START SUPPLIED ENTRIES

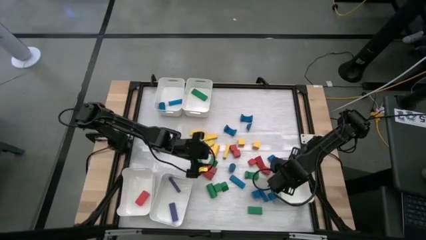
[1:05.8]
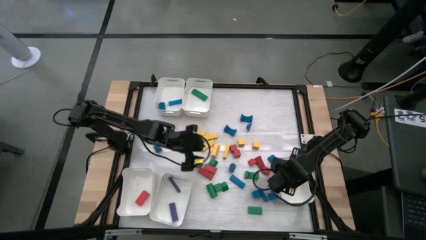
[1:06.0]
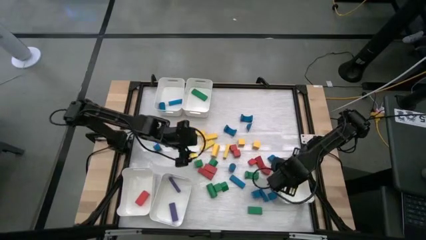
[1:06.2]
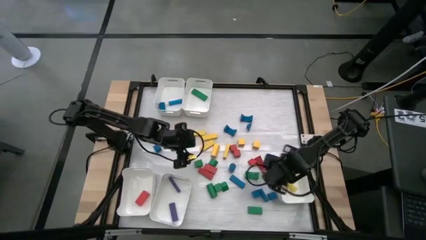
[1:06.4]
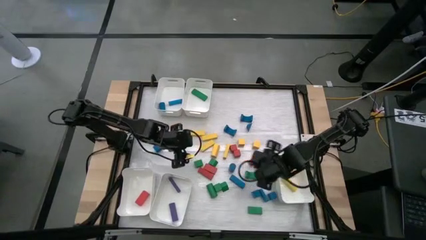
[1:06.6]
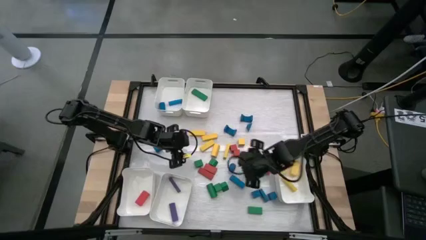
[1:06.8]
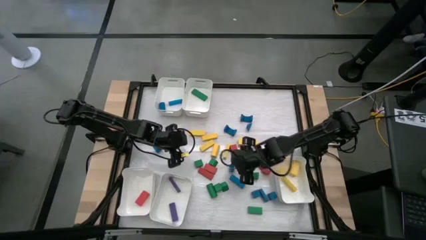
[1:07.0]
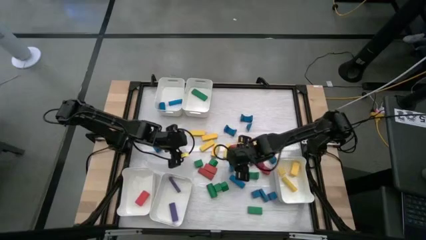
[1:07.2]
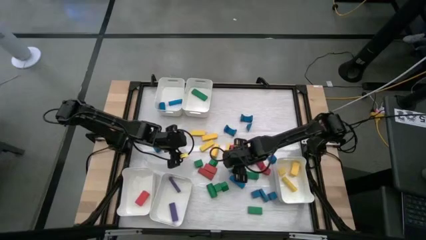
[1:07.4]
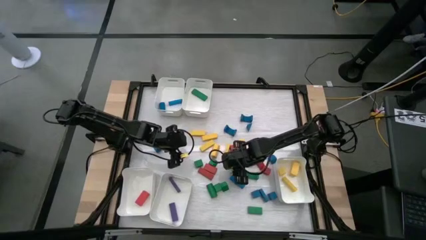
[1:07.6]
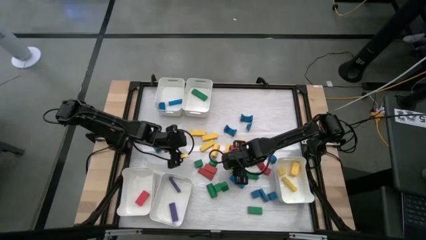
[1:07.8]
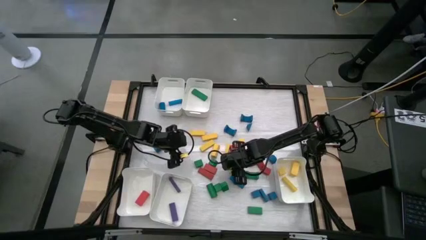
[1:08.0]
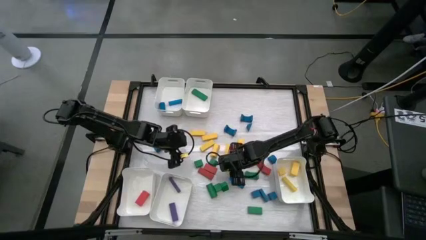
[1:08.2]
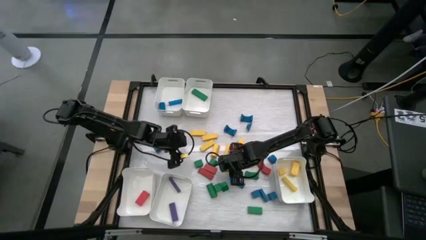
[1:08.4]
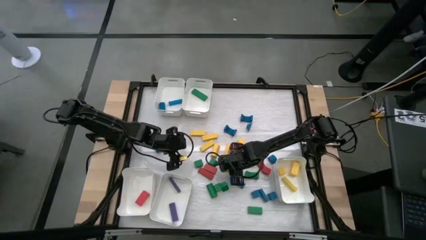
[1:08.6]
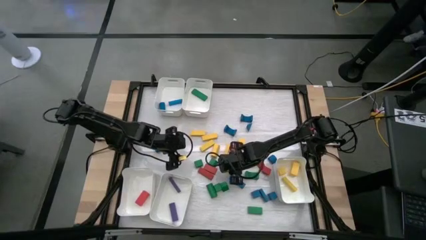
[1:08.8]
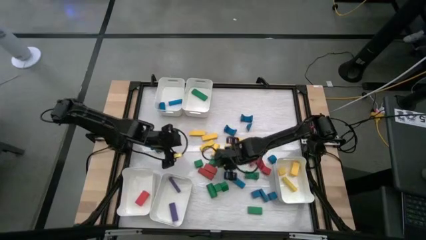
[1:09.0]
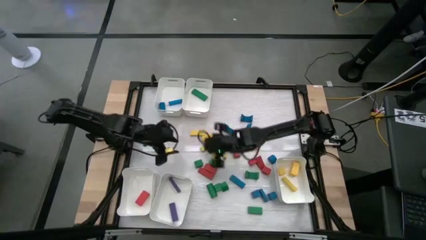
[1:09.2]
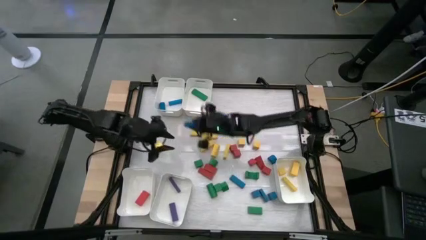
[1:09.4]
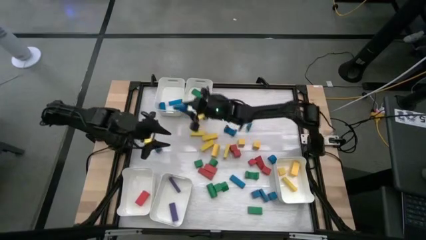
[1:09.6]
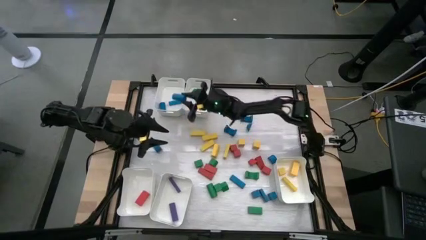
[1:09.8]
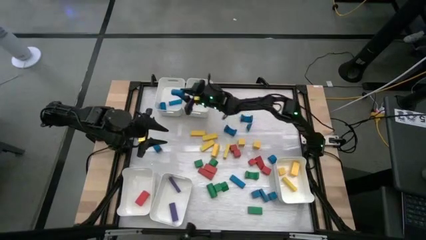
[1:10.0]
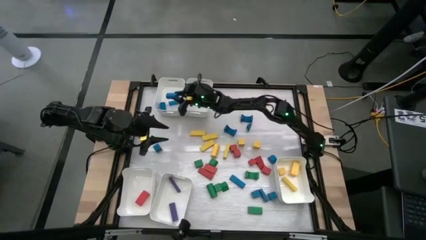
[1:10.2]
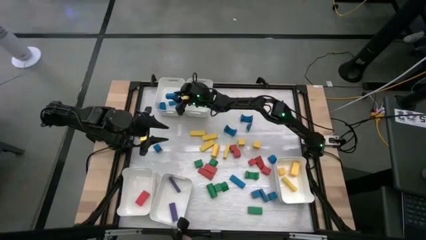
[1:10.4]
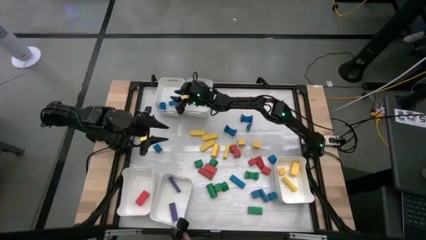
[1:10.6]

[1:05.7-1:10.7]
Task: Sort blocks
Put the blue block into the top left white bin

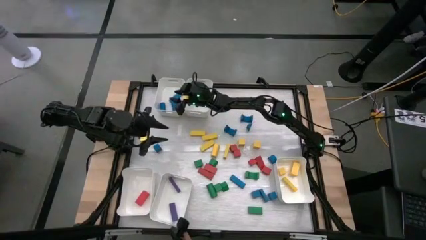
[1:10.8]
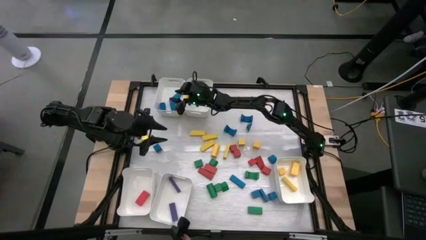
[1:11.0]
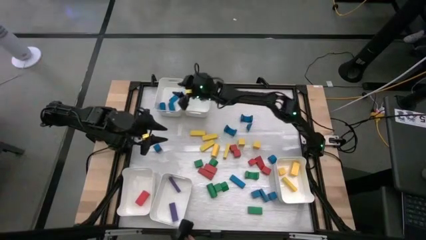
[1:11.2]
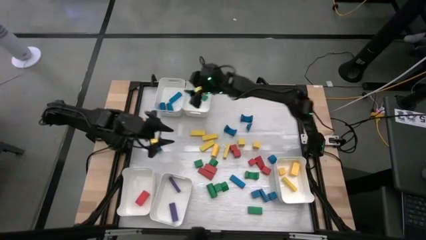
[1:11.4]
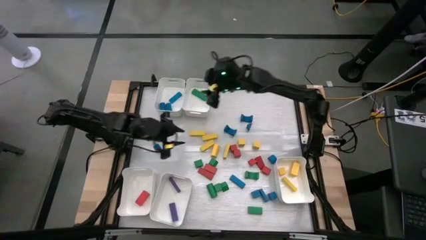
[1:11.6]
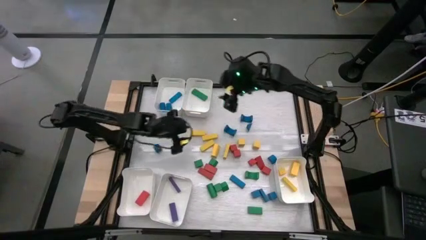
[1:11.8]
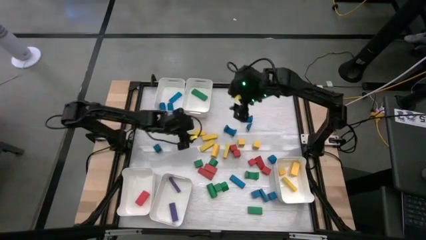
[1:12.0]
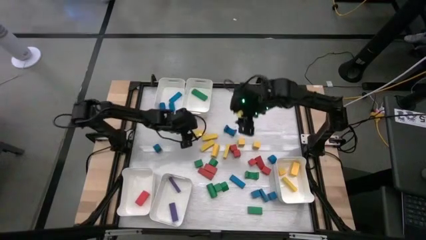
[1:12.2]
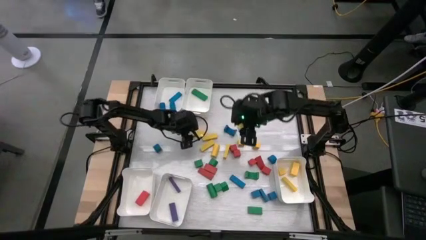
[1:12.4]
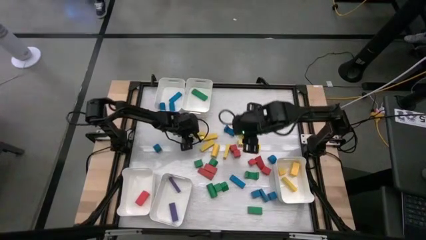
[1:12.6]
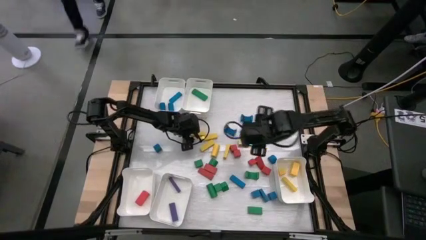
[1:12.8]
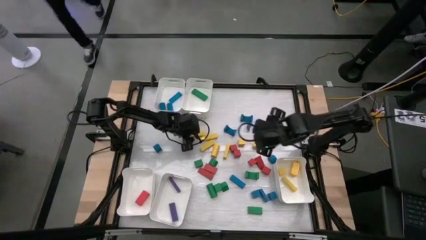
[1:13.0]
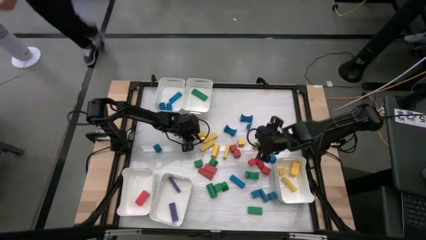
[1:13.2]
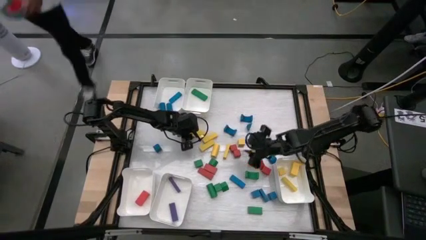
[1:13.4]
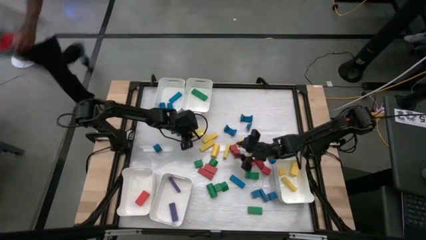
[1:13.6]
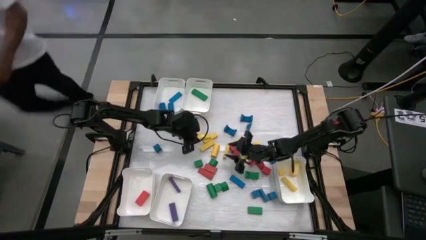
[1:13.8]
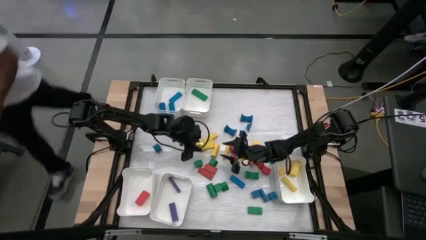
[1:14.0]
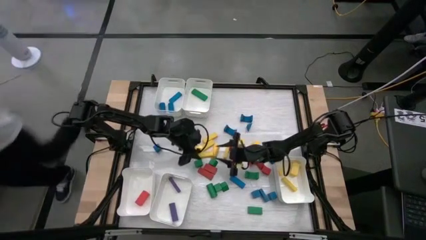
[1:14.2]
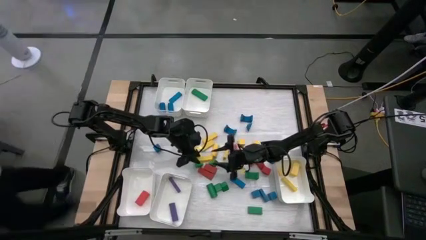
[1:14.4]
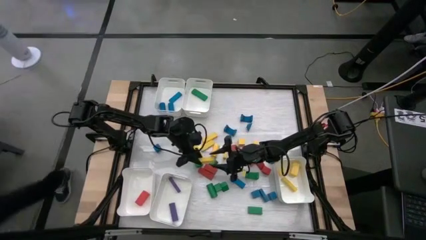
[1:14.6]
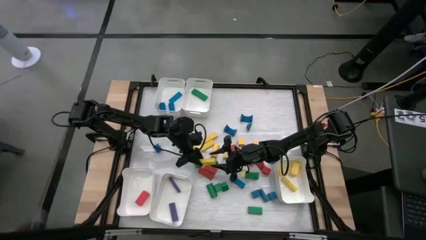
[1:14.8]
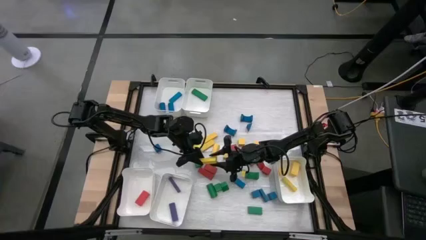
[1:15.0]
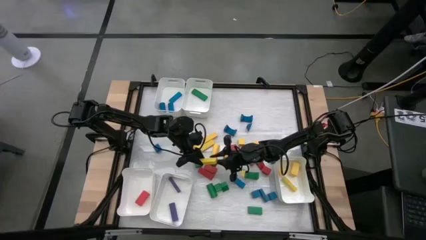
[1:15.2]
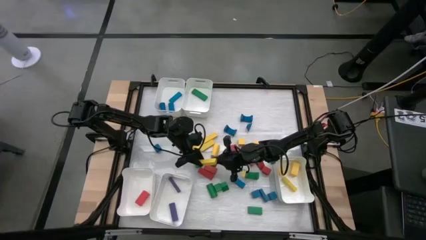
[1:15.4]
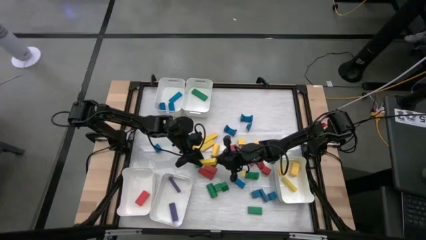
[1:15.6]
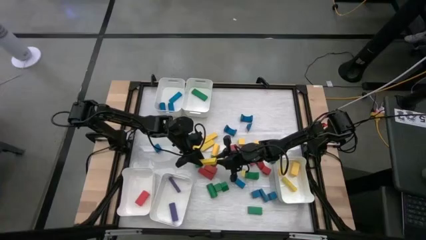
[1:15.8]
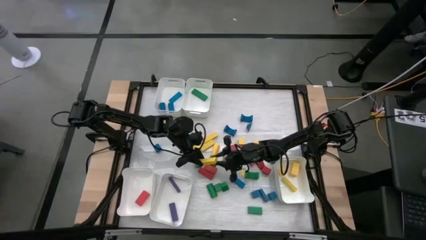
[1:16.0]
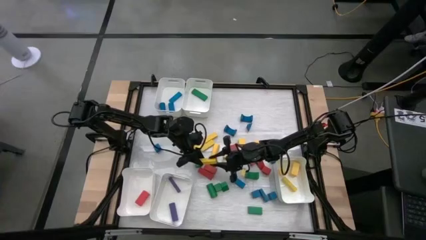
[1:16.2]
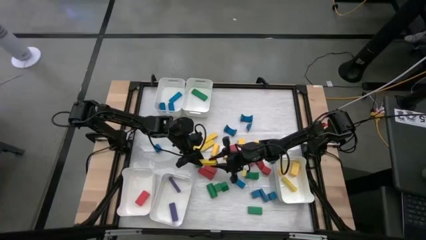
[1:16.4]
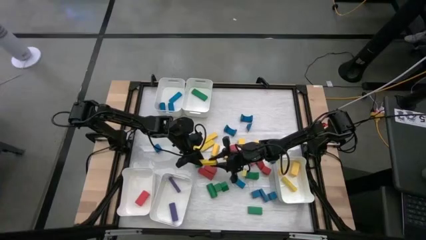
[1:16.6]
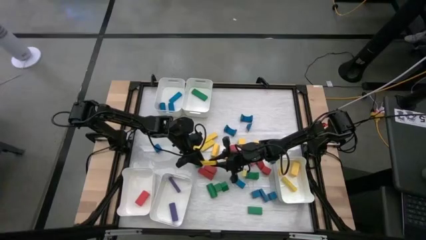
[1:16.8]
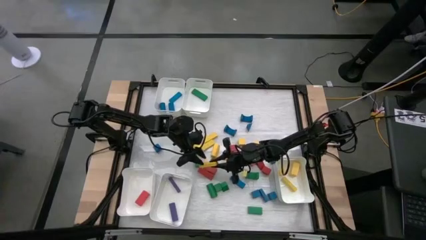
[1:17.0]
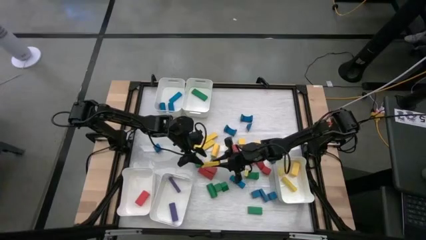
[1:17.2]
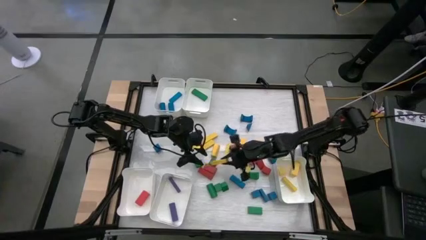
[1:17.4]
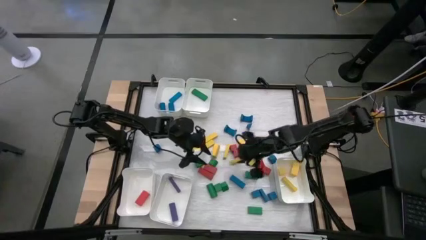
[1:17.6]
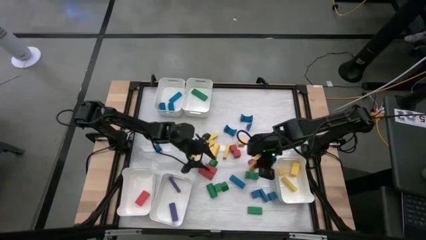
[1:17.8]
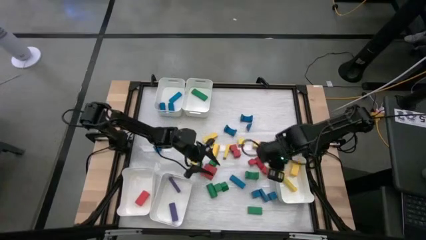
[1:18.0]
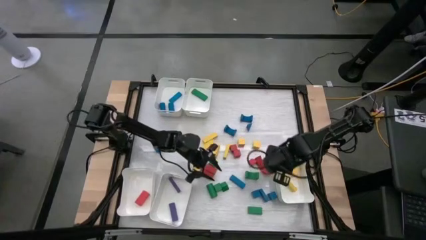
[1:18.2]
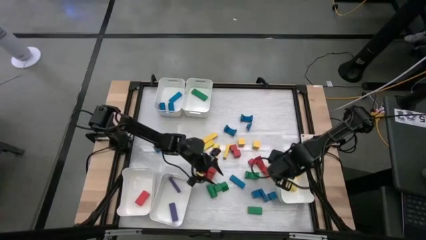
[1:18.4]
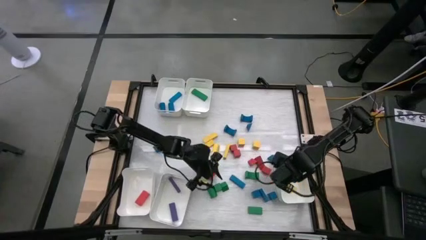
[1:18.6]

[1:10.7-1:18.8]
Put the yellow block into the bottom right white bin

END SUPPLIED ENTRIES

#### PROBLEM REQUIREMENTS:
Pictures aside, restate all of the entries exactly.

#### WRITTEN RESPONSE:
[1:05.8]
[1:06.0]
[1:06.2]
[1:06.4]
[1:06.6]
[1:06.8]
[1:07.0]
[1:07.2]
[1:07.4]
[1:07.6]
[1:07.8]
[1:08.0]
[1:08.2]
[1:08.4]
[1:08.6]
[1:08.8]
[1:09.0]
[1:09.2]
[1:09.4]
[1:09.6]
[1:09.8]
[1:10.0]
[1:10.2]
[1:10.4]
[1:10.6]

[1:05.7-1:10.7]
Task: Sort blocks
Put the blue block into the top left white bin

[1:10.8]
[1:11.0]
[1:11.2]
[1:11.4]
[1:11.6]
[1:11.8]
[1:12.0]
[1:12.2]
[1:12.4]
[1:12.6]
[1:12.8]
[1:13.0]
[1:13.2]
[1:13.4]
[1:13.6]
[1:13.8]
[1:14.0]
[1:14.2]
[1:14.4]
[1:14.6]
[1:14.8]
[1:15.0]
[1:15.2]
[1:15.4]
[1:15.6]
[1:15.8]
[1:16.0]
[1:16.2]
[1:16.4]
[1:16.6]
[1:16.8]
[1:17.0]
[1:17.2]
[1:17.4]
[1:17.6]
[1:17.8]
[1:18.0]
[1:18.2]
[1:18.4]
[1:18.6]

[1:10.7-1:18.8]
Put the yellow block into the bottom right white bin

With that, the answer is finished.